YOUR INSTRUCTIONS:
Print the data that follows word for word, leaving out any picture.

[Source data]
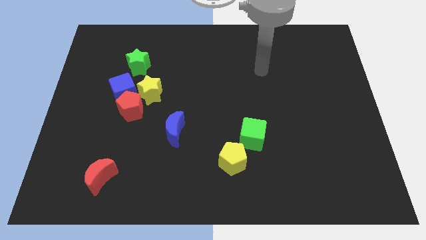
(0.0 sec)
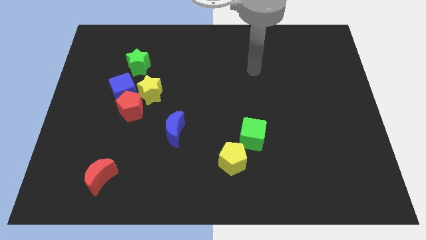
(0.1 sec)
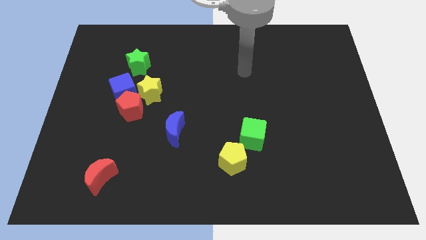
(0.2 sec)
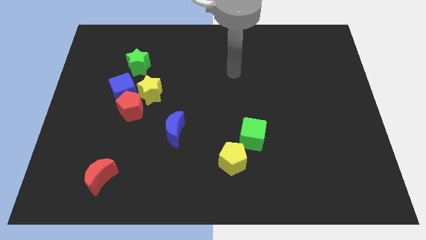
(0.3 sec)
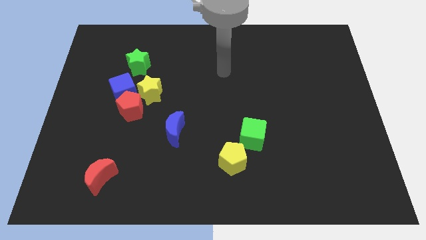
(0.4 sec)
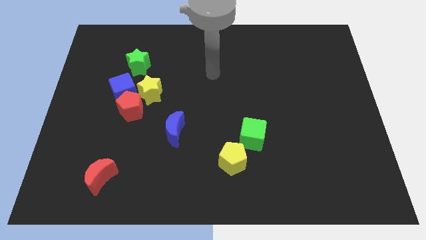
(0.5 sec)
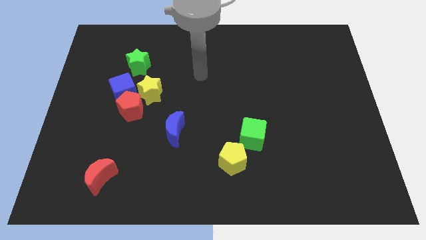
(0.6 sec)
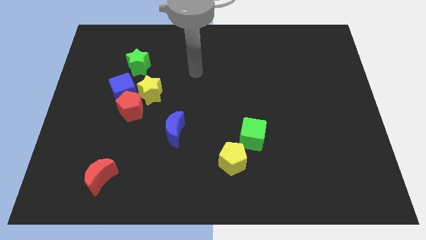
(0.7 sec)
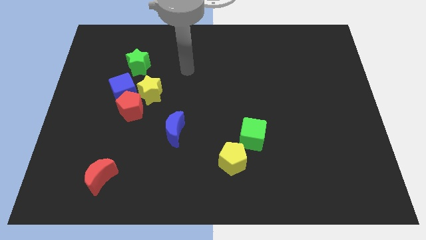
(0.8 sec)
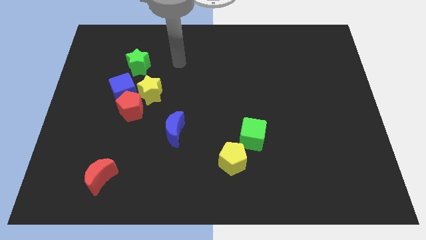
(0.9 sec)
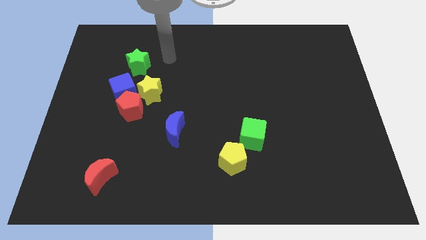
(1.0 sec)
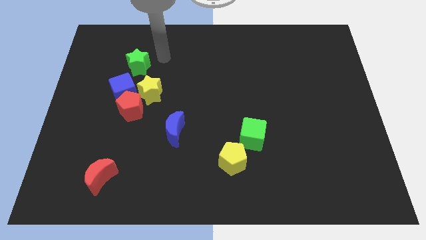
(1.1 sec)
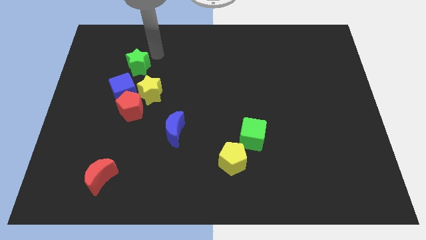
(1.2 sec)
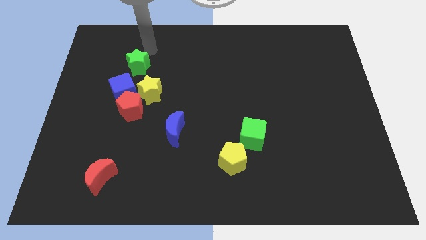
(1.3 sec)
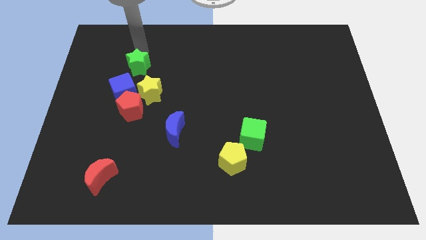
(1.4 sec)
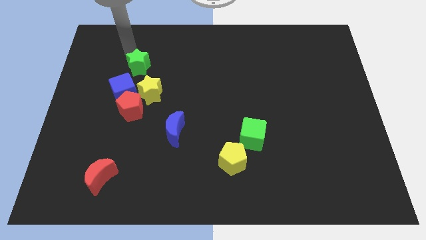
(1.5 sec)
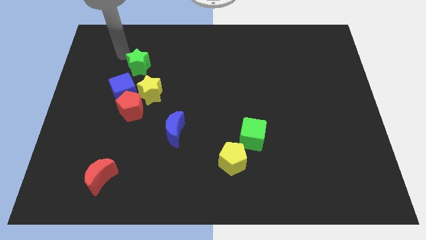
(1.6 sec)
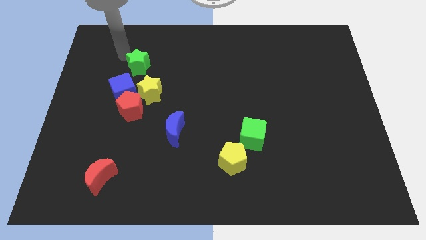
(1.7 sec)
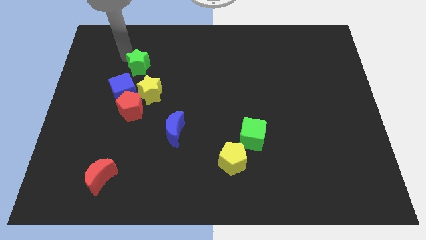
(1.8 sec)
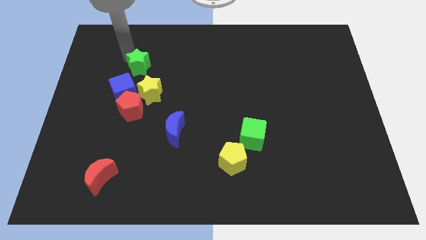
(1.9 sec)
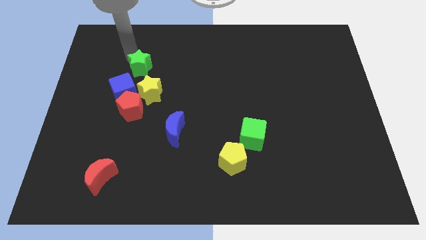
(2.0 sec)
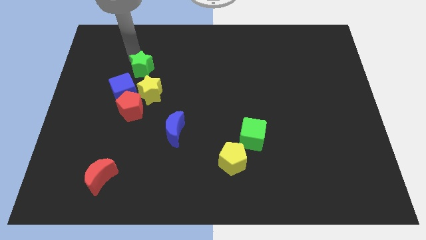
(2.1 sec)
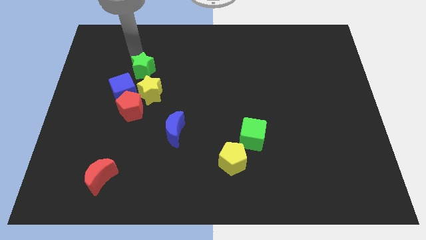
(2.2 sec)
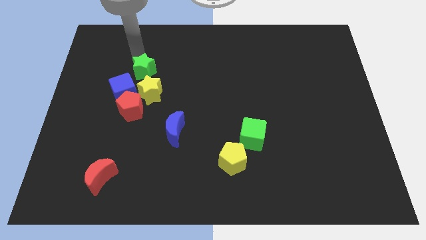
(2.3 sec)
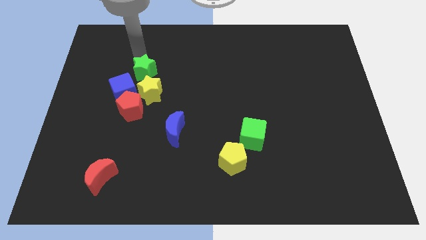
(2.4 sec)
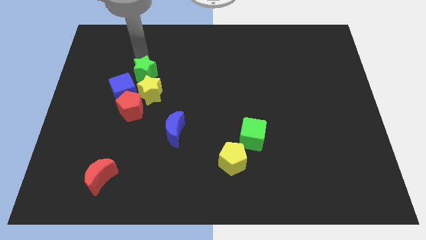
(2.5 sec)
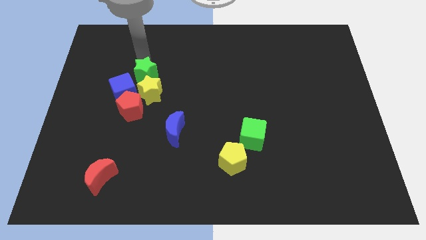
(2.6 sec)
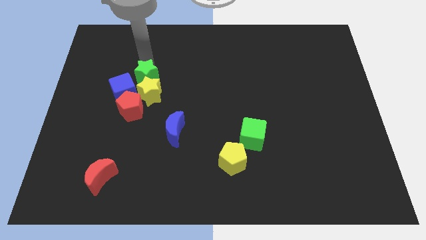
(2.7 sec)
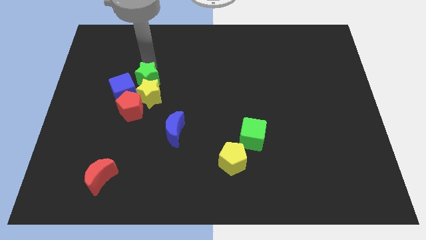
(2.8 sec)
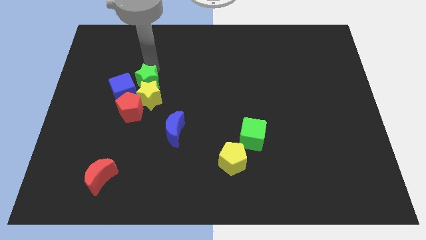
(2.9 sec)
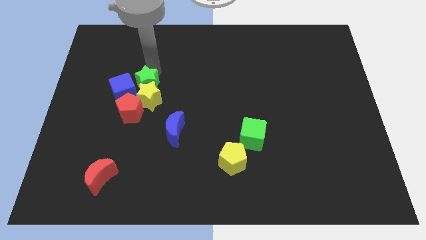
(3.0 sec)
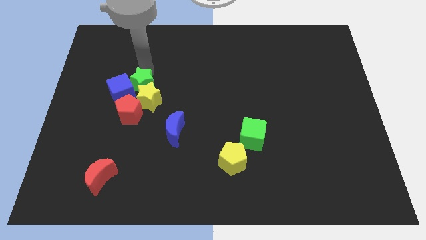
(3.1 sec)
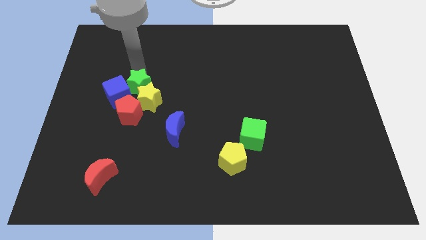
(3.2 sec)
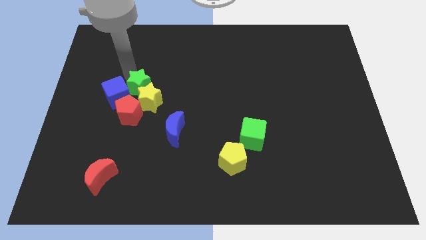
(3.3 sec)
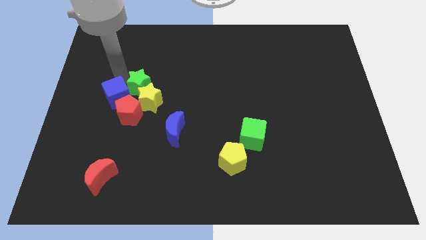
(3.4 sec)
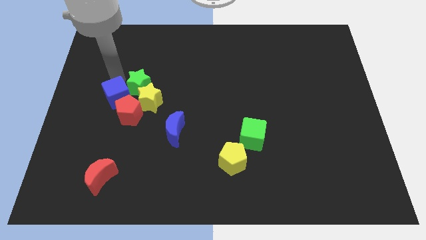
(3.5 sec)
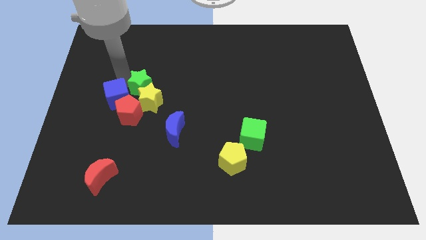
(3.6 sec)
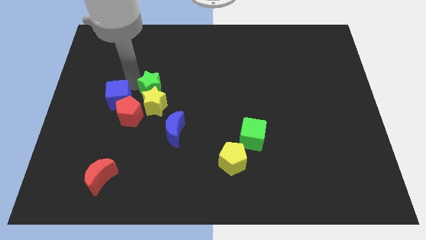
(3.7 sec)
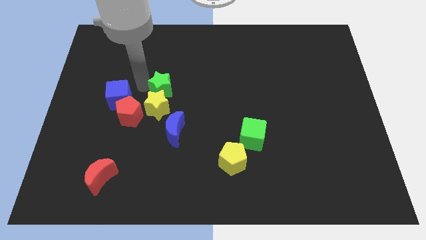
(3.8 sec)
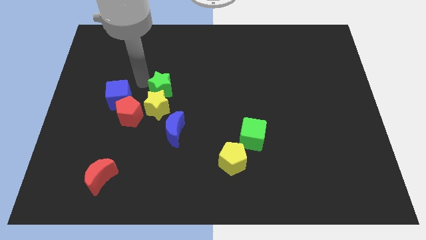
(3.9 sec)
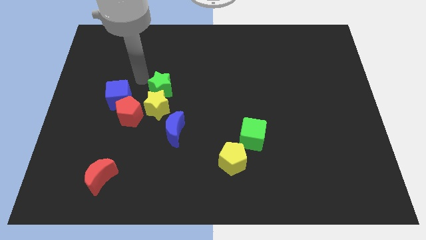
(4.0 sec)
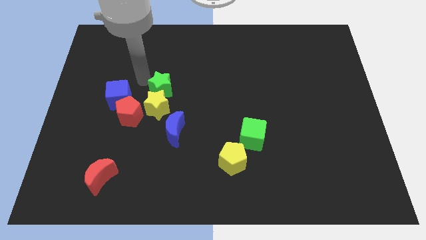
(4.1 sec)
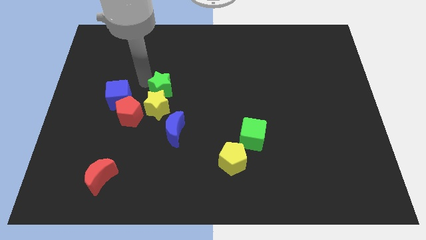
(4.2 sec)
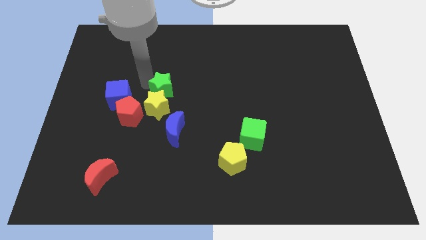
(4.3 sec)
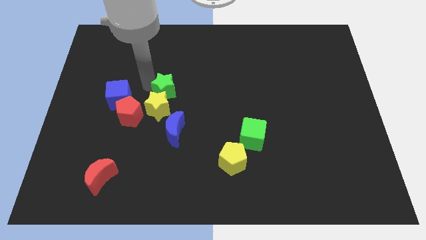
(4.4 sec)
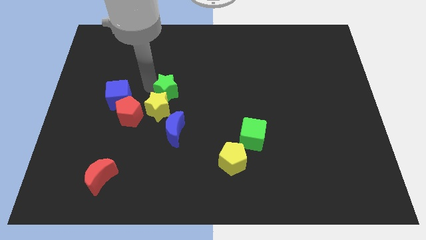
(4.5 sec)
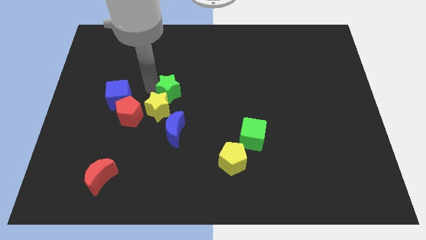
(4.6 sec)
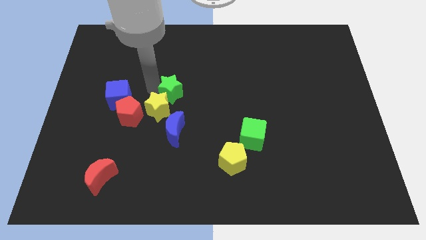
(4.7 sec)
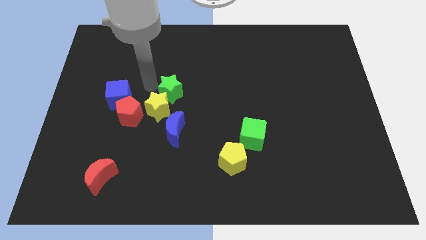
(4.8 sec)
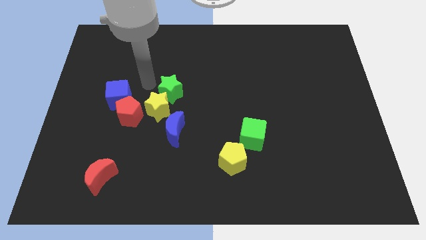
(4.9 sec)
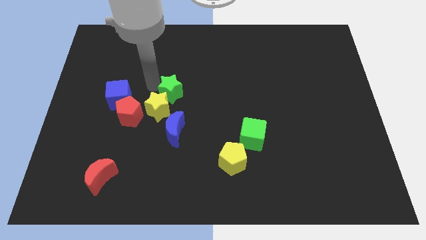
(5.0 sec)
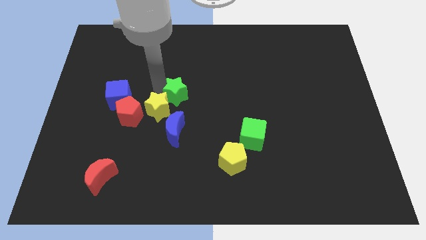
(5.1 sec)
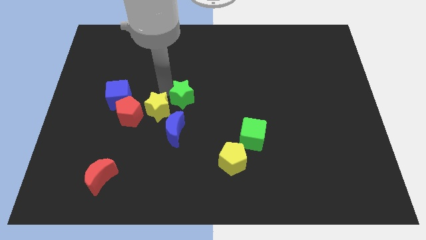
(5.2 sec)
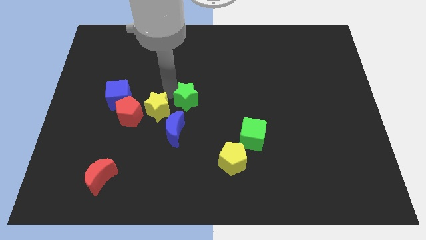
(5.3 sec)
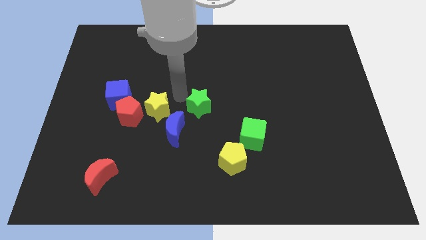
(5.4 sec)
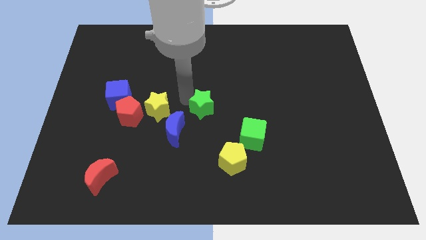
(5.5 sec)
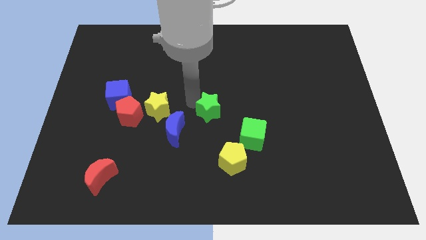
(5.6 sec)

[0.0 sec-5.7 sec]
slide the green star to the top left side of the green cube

RESPONSE TO THIS TASK:
(0.0 sec)
(0.1 sec)
(0.2 sec)
(0.3 sec)
(0.4 sec)
(0.5 sec)
(0.6 sec)
(0.7 sec)
(0.8 sec)
(0.9 sec)
(1.0 sec)
(1.1 sec)
(1.2 sec)
(1.3 sec)
(1.4 sec)
(1.5 sec)
(1.6 sec)
(1.7 sec)
(1.8 sec)
(1.9 sec)
(2.0 sec)
(2.1 sec)
(2.2 sec)
(2.3 sec)
(2.4 sec)
(2.5 sec)
(2.6 sec)
(2.7 sec)
(2.8 sec)
(2.9 sec)
(3.0 sec)
(3.1 sec)
(3.2 sec)
(3.3 sec)
(3.4 sec)
(3.5 sec)
(3.6 sec)
(3.7 sec)
(3.8 sec)
(3.9 sec)
(4.0 sec)
(4.1 sec)
(4.2 sec)
(4.3 sec)
(4.4 sec)
(4.5 sec)
(4.6 sec)
(4.7 sec)
(4.8 sec)
(4.9 sec)
(5.0 sec)
(5.1 sec)
(5.2 sec)
(5.3 sec)
(5.4 sec)
(5.5 sec)
(5.6 sec)

[0.0 sec-5.7 sec]
slide the green star to the top left side of the green cube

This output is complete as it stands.